The problem we address in this draft is how to reduce the average
rekey cost of an LKH scheme by organizing the members in the tree
with respect to their rekey probabilities. In general, finding the
optimal solution to this problem which minimizes average rekey cost
is quite an intractable task. The optimal solution would be the
choice of the sequence of operations that would minimize the cost
averaged over all possible join, leave, and compromise events in the
future, which depends on the probability distribution of these events
for all current and prospective members of the group. Even if we
assume that these probability distributions are known for all members
and non-members in the system, finding the optimal move at each step
that will minimize the average cost of all future rekey events is
quite an impossible task.
Instead, we restrict our attention to a more tractable problem,
namely minimizing the expected cost of the next rekey operation. The
expected cost of the next rekey operation (due to a leave or
compromise event) is equal to
sum(p_i * d_i)
Selcuk, McCubbin, Sidhu [Page 4]
INTERNET-DRAFT January 2000
where p_i is the probability that member M_i will be the next to be
evicted/compromised, and d_i is its depth in the tree. This problem
has many similarities to the data compression problem with code
trees, where the average code length per message is
sum(p_i * d_i),
which is known as the "average external path length" (AEPL) of the
tree, where p_i is the probability of message m_i to be the next to
appear, and d_i is its depth in the code tree. For the problem of
minimizing the AEPL, the optimal solution is given by Huffman trees
[BCW90]. Shannon-Fano trees are another alternative solution, which
give very good compression in practice, but are slightly sub-optimal
[BCW90].
3.1. Differences from Data Compression Trees
In an LKH key distribution tree, a change in the tree structure, such
as changing the location of an existing member in the tree, causes
extra rekey operations, which adversely affects the objective
function (i.e. minimizing the average number of rekeys). On the other
hand, in a data compression tree, a structural change does not
directly induce an overhead on the objective function (i.e.

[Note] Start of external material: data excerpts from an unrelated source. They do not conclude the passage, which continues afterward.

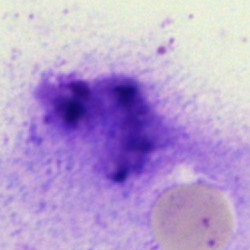Cell type — artefact.
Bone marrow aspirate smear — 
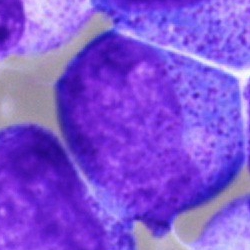
Morphology consistent with a progranulocyte.
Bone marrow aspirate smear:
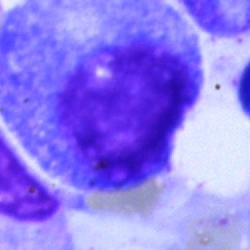Cell type = promyelocyte.
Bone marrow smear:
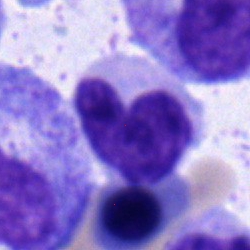
Morphology consistent with a neutrophil (band).
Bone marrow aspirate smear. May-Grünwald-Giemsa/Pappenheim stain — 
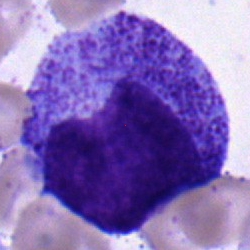

A promyelocyte.
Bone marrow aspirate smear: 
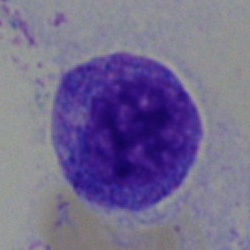

A progranulocyte.
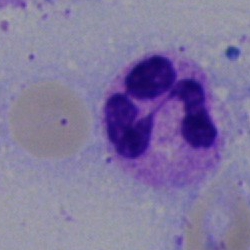Q: What type of cell is this?
A: This is a polymorphonuclear neutrophil.
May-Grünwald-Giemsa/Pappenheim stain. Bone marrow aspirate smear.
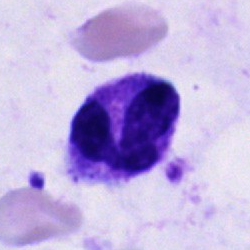The morphological class is segmented neutrophil.
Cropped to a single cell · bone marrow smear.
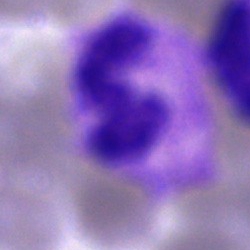
This is a polymorphonuclear neutrophil.
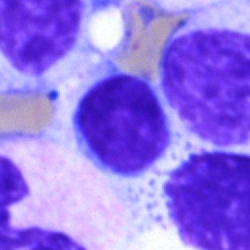

{"cell_type": "typical lymphocyte", "lineage": "lymphoid"}
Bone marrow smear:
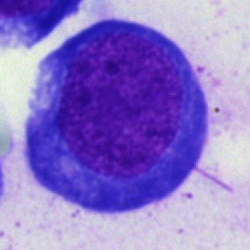
Classification = pronormoblast.
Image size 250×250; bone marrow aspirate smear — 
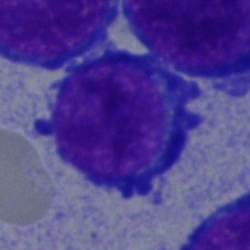
Showing a proerythroblast.
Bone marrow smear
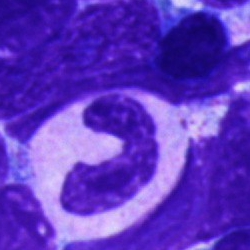
Specimen: bone marrow smear.
Cell: band-form neutrophil.
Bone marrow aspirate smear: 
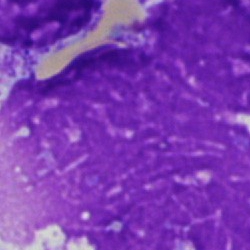 Specimen: bone marrow smear.
Morphological class: artefact.
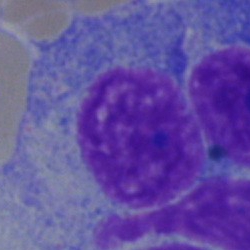 Q: Identify the cell.
A: A plasmacyte.
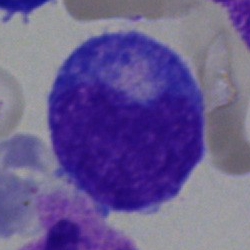
This is a progranulocyte.
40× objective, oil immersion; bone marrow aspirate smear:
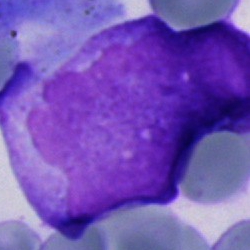 An undifferentiated blast.
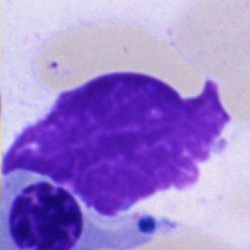Morphological class: artefact.
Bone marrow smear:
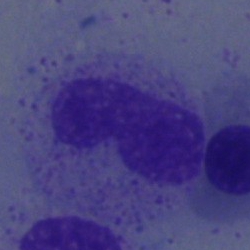

Impression — neutrophil (band).
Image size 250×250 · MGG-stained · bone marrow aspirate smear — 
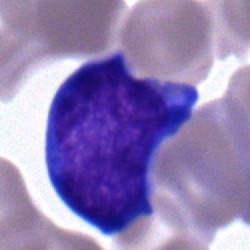 Q: Which cell type is shown here?
A: Lymphocyte.

minimizing the average code length). So, changes in the tree
structure can be freely utilized in data compression algorithms, such
as dynamic Huffman algorithms [Knuth85], to maintain the optimal tree
structure; whereas they cannot be utilized so freely in dynamic LKH
algorithms. Therefore, an LKH scheme with sub-optimal sum(p_i * d_i)

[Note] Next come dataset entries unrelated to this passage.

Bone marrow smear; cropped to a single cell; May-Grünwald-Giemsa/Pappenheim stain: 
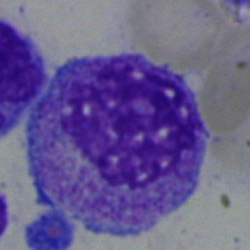

The cell shown is an eosinophilic granulocyte.
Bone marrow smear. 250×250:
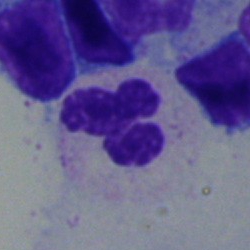

Classification — neutrophil (segmented).
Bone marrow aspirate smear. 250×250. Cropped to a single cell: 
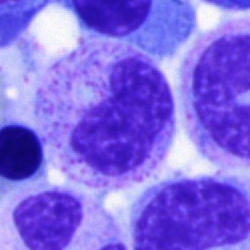 Q: What type of cell is this?
A: A band-form neutrophil.
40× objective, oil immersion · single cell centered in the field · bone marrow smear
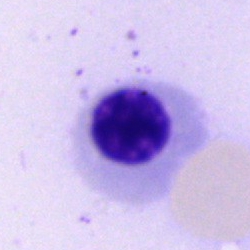Nucleated red blood cell.
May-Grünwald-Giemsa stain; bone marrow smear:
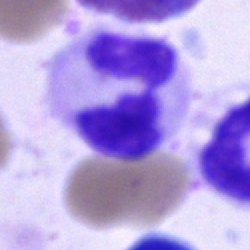

Q: Which cell type is shown here?
A: A polymorphonuclear neutrophil.
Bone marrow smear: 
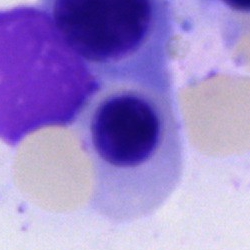

Impression → normoblast.
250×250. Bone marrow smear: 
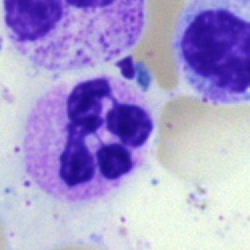
Classification: neutrophil (segmented).
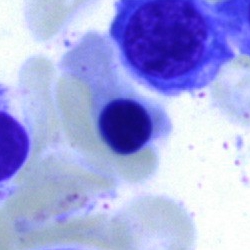 A normoblast on a bone marrow smear.
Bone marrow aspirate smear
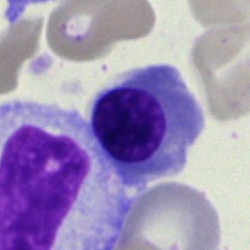 A nucleated red cell.
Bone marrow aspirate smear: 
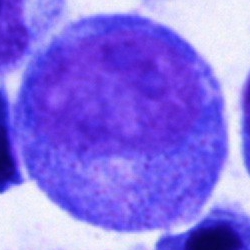 A promyelocyte.
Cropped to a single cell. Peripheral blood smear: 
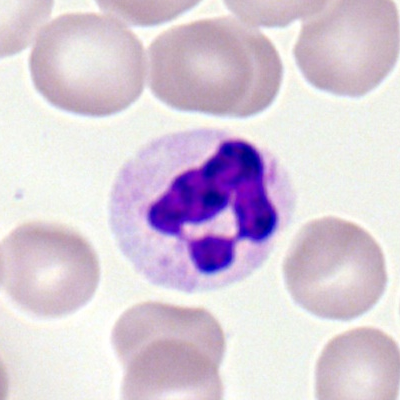

Impression → neutrophil (segmented).
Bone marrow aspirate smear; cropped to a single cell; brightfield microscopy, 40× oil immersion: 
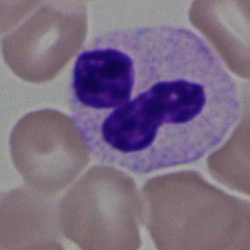Q: What is the morphological classification of this cell?
A: It is a segmented neutrophil.
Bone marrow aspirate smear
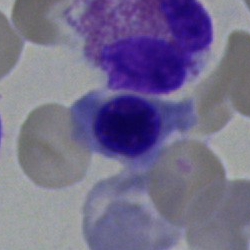Q: Identify the cell.
A: This is a nucleated red cell.
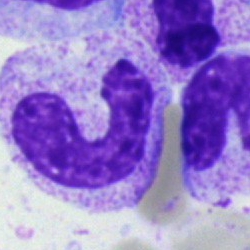
Stab cell.
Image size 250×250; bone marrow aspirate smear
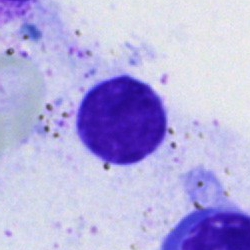

{"cell_type": "typical lymphocyte", "lineage": "lymphoid"}
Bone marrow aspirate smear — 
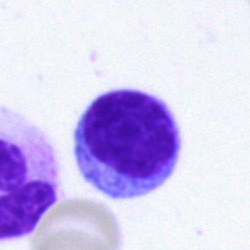 Morphology — typical lymphocyte.
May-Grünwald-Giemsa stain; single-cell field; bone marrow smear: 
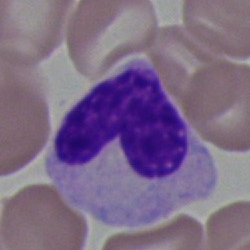
Impression — band neutrophil.
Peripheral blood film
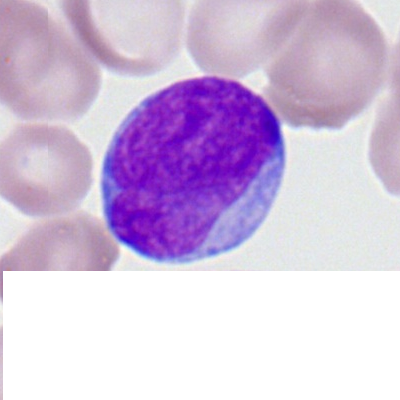

Specimen: peripheral blood film.
Cell: myeloblast.
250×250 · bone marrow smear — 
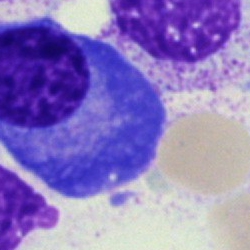

The classification is plasmacyte.
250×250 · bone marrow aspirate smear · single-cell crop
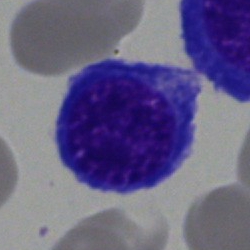
Q: Identify the cell.
A: It is an erythroblast.
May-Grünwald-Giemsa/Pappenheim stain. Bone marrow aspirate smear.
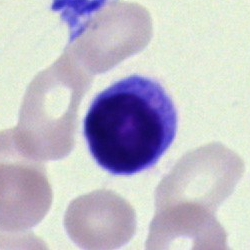Morphological class — typical lymphocyte.
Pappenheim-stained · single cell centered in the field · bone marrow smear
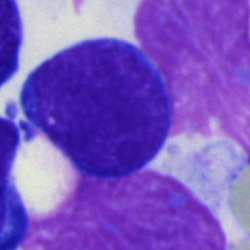

Q: What type of cell is this?
A: This is a blast.
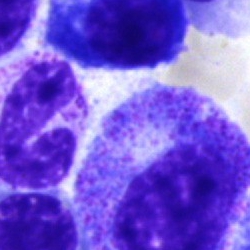
Cell — progranulocyte.

can have a better overall performance than one that maintains the
minimal sum(p_i * d_i) all the time.
Another difference of LKH trees from data compression trees is that,
when member evictions are the main reason for rekey operations (i.e.

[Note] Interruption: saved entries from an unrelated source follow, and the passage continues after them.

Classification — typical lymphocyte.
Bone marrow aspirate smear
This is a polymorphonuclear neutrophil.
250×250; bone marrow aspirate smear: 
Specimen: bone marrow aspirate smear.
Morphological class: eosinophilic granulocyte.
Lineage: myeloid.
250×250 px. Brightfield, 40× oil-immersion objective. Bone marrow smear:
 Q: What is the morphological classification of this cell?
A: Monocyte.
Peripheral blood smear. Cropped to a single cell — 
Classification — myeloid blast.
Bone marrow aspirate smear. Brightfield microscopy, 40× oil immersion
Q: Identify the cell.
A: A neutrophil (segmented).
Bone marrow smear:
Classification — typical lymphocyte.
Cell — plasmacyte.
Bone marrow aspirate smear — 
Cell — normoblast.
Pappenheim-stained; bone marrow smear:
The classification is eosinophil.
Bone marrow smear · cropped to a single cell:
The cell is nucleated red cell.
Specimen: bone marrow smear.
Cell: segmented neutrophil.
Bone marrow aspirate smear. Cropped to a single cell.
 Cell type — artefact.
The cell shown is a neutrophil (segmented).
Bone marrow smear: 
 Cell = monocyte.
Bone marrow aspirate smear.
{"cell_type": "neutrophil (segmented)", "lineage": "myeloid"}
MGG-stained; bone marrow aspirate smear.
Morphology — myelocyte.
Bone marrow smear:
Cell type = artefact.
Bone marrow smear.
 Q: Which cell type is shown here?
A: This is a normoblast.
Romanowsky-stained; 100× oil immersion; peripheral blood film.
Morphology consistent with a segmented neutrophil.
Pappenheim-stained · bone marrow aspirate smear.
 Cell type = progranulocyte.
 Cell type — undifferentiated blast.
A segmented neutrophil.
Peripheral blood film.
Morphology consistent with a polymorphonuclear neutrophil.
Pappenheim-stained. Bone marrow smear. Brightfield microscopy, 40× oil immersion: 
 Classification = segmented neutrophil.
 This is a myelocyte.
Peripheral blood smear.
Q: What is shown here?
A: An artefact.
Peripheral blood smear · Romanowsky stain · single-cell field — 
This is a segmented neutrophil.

few compromise events happen other than member evictions), then each
member in the tree will cause a single rekey operation while it is in
the tree.
4. Design Criteria
As mentioned above, finding the optimal solution that minimizes the
average number of rekey messages over all future sequence of join,
leave, compromise events is not possible in practice. Therefore, we
focus our attention on minimizing the expected cost of the next rekey
event, sum(p_i * d_i). The proven optimal solution for minimizing
sum(p_i * d_i) is given by a Huffman tree. However, maintaining a
Huffman tree requires changes in the locations of the existing
members in the tree, which means extra rekey operations. We choose to
avoid this kind of extra rekey operations, and we restrict our
Selcuk, McCubbin, Sidhu [Page 5]
INTERNET-DRAFT January 2000
attention to algorithms which do not require changing the location of
the existing members.
Given the condition that the location of existing members will not be
changed in the tree, the main structural decision for the tree
organization is where to put a new member at insertion time. Also,
the insertion operation should observe the current locations of
existing members. That is, the keys each member is holding after an
insertion operation should be the same as those it was holding before
the insertion (or the corresponding keys, for the keys that are
changed), plus possibly some newly added keys to the tree. Therefore,
we will focus our attention on insertion operations of the following
form, which is implied by the conditions above.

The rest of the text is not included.